TASK PROMPT: Exactly as written, return the entries below, minus any pictures.

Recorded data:

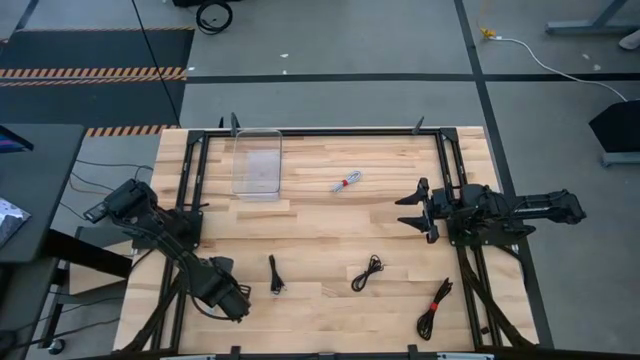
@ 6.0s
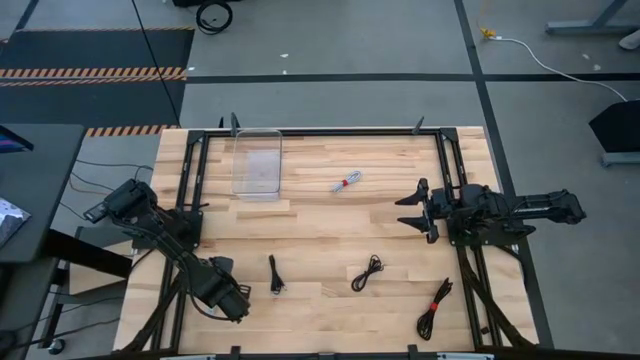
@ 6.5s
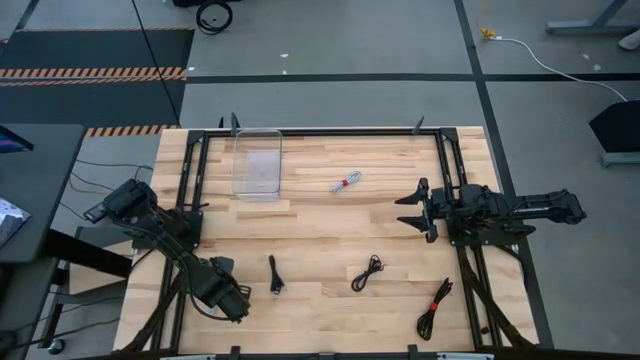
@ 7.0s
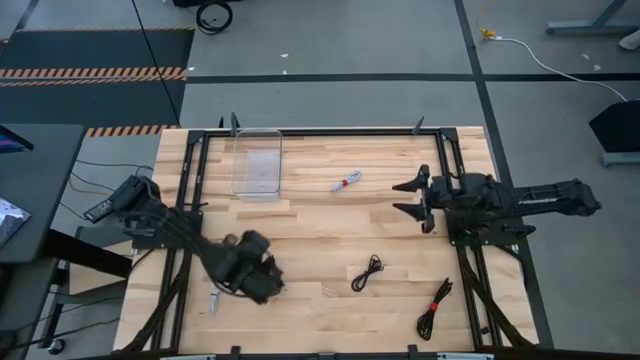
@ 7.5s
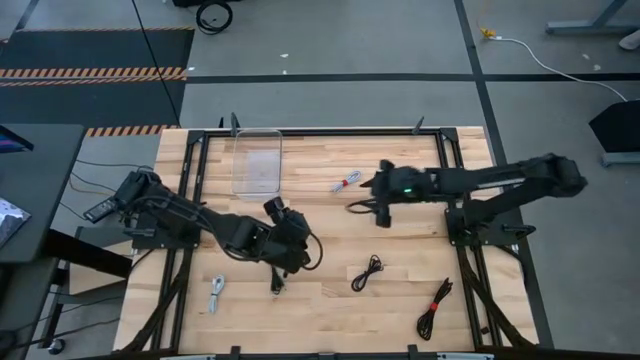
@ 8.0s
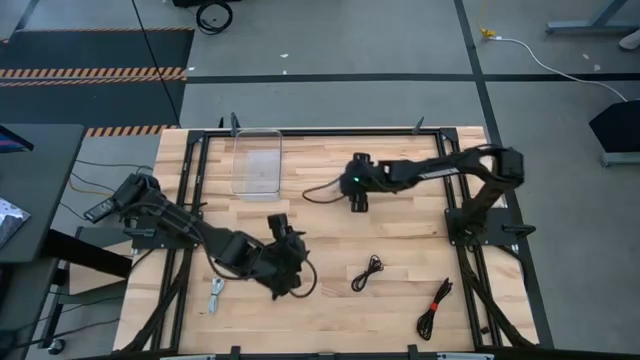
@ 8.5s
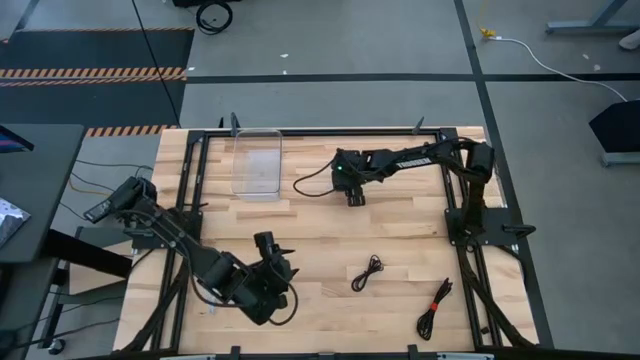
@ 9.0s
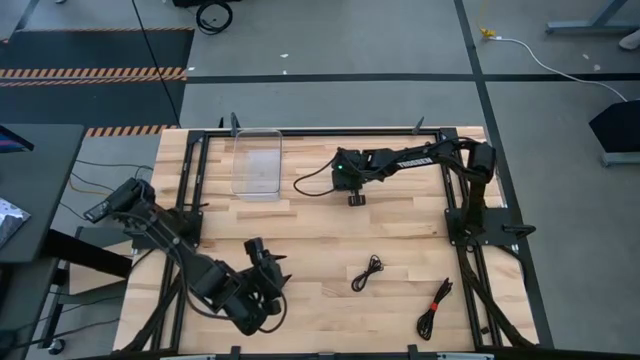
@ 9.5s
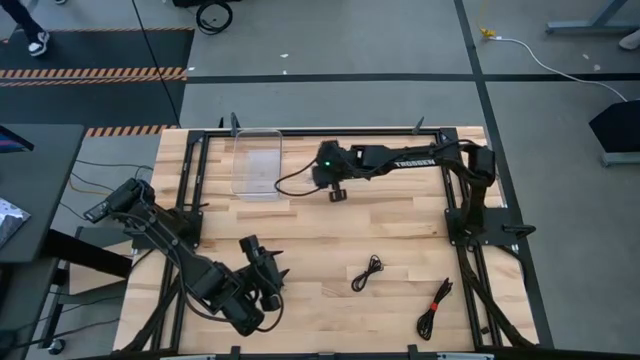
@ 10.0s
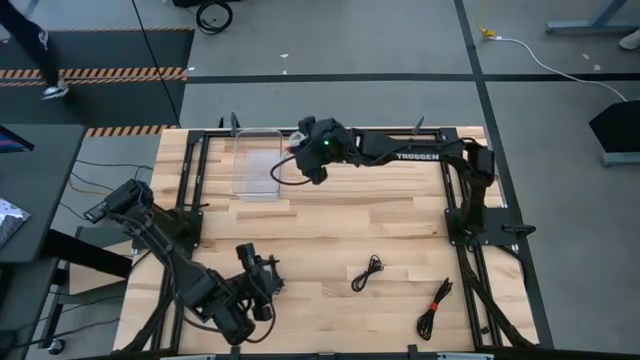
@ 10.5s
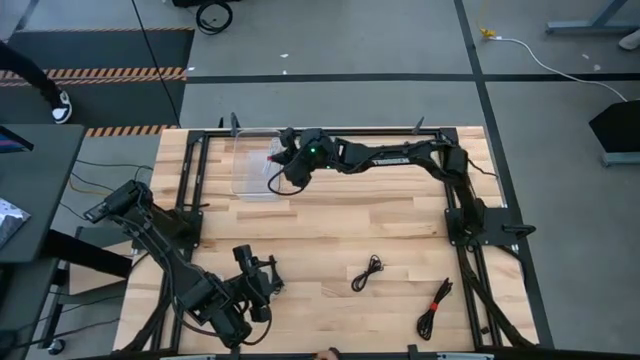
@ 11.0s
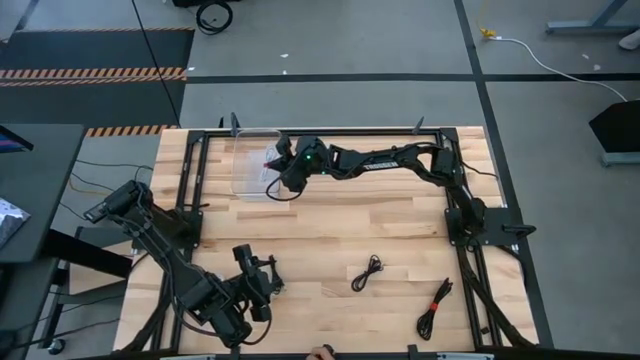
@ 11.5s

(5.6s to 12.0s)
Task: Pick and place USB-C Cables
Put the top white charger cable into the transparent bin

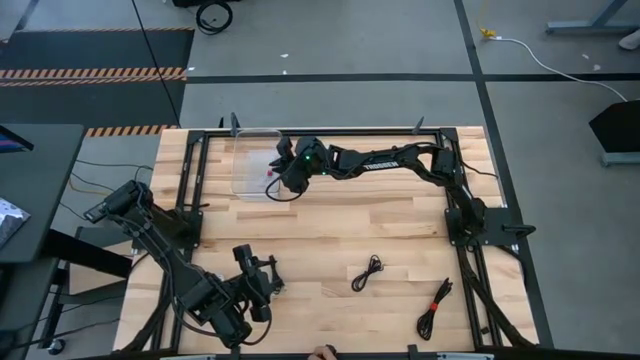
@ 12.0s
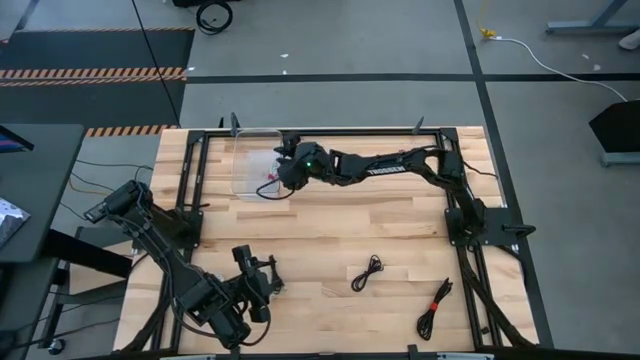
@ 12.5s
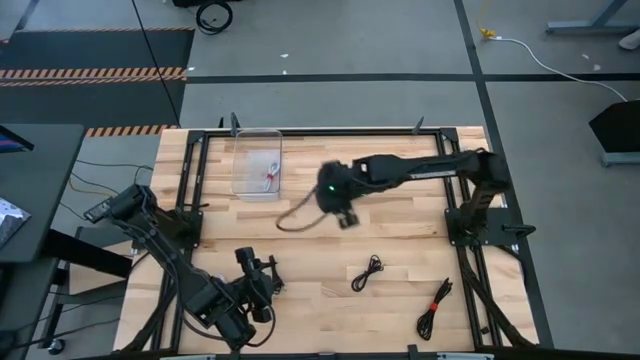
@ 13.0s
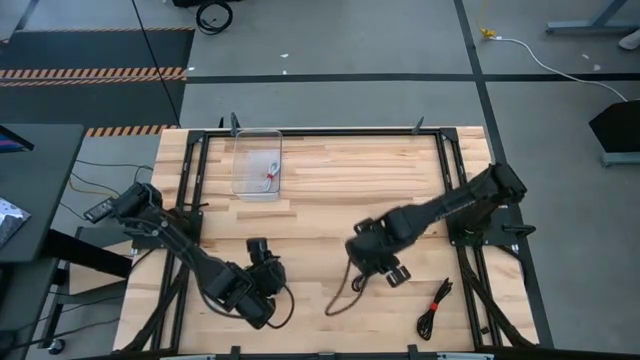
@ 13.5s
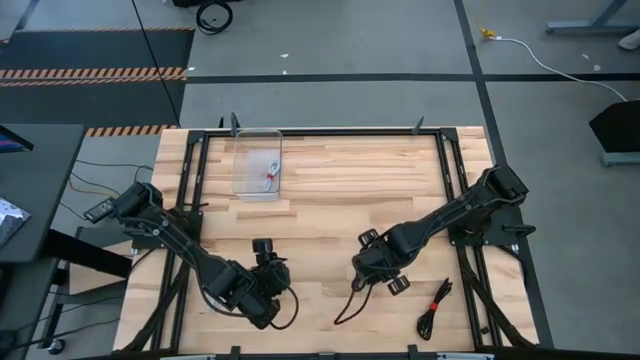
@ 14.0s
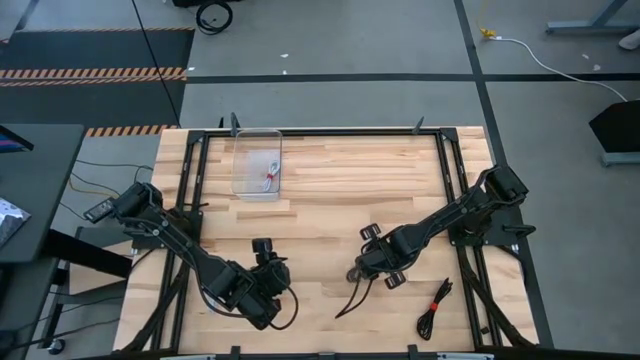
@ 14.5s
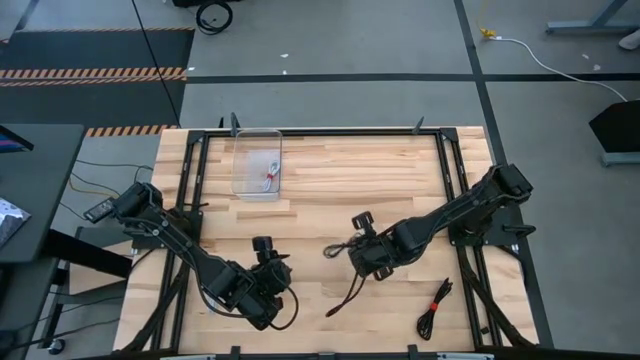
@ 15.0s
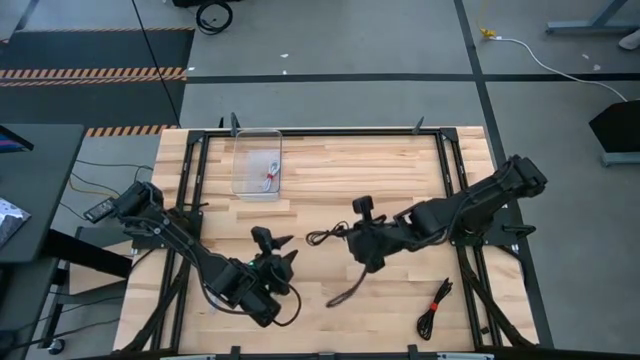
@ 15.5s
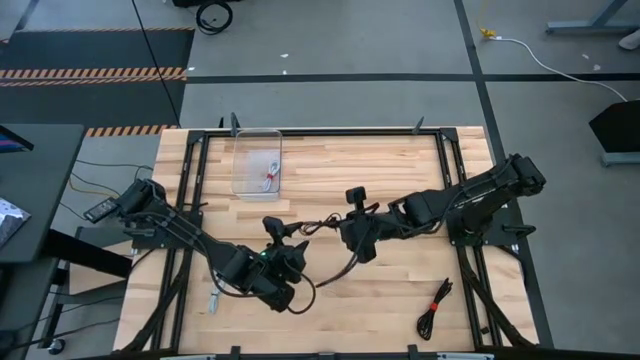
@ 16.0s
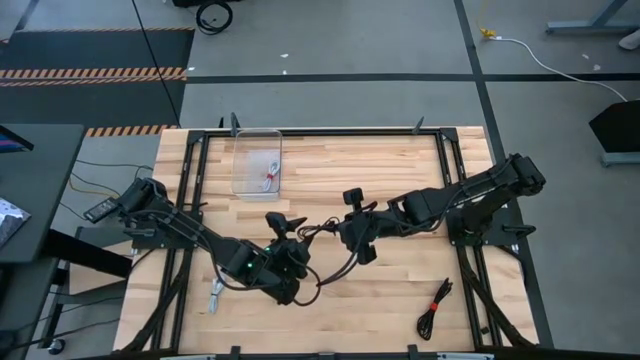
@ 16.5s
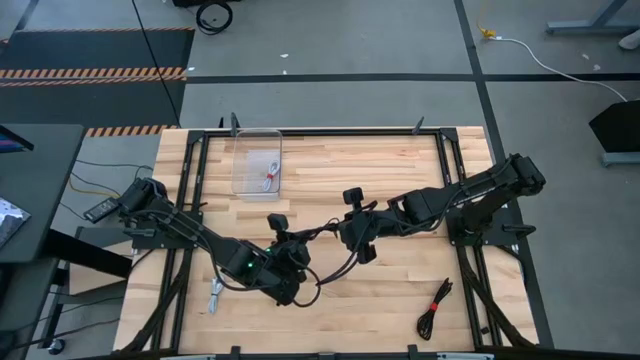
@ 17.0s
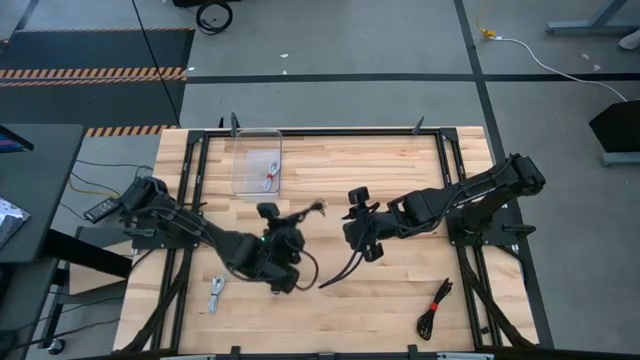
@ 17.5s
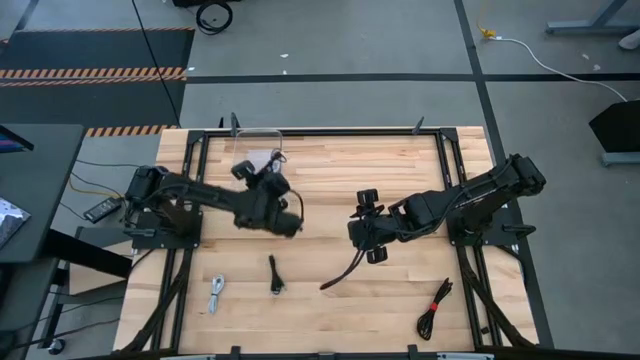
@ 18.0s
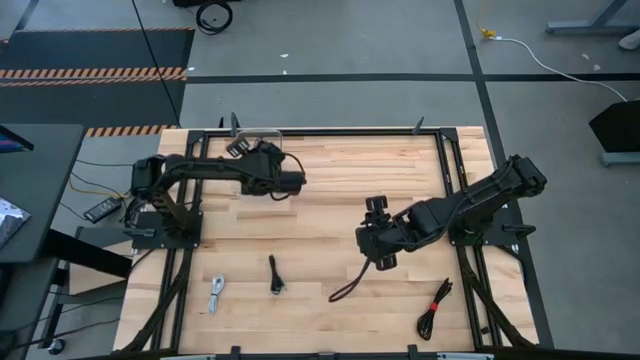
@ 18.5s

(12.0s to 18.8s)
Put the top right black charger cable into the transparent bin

YOUR RESPONSE:
@ 6.0s
@ 6.5s
@ 7.0s
@ 7.5s
@ 8.0s
@ 8.5s
@ 9.0s
@ 9.5s
@ 10.0s
@ 10.5s
@ 11.0s
@ 11.5s

(5.6s to 12.0s)
Task: Pick and place USB-C Cables
Put the top white charger cable into the transparent bin

@ 12.0s
@ 12.5s
@ 13.0s
@ 13.5s
@ 14.0s
@ 14.5s
@ 15.0s
@ 15.5s
@ 16.0s
@ 16.5s
@ 17.0s
@ 17.5s
@ 18.0s
@ 18.5s

(12.0s to 18.8s)
Put the top right black charger cable into the transparent bin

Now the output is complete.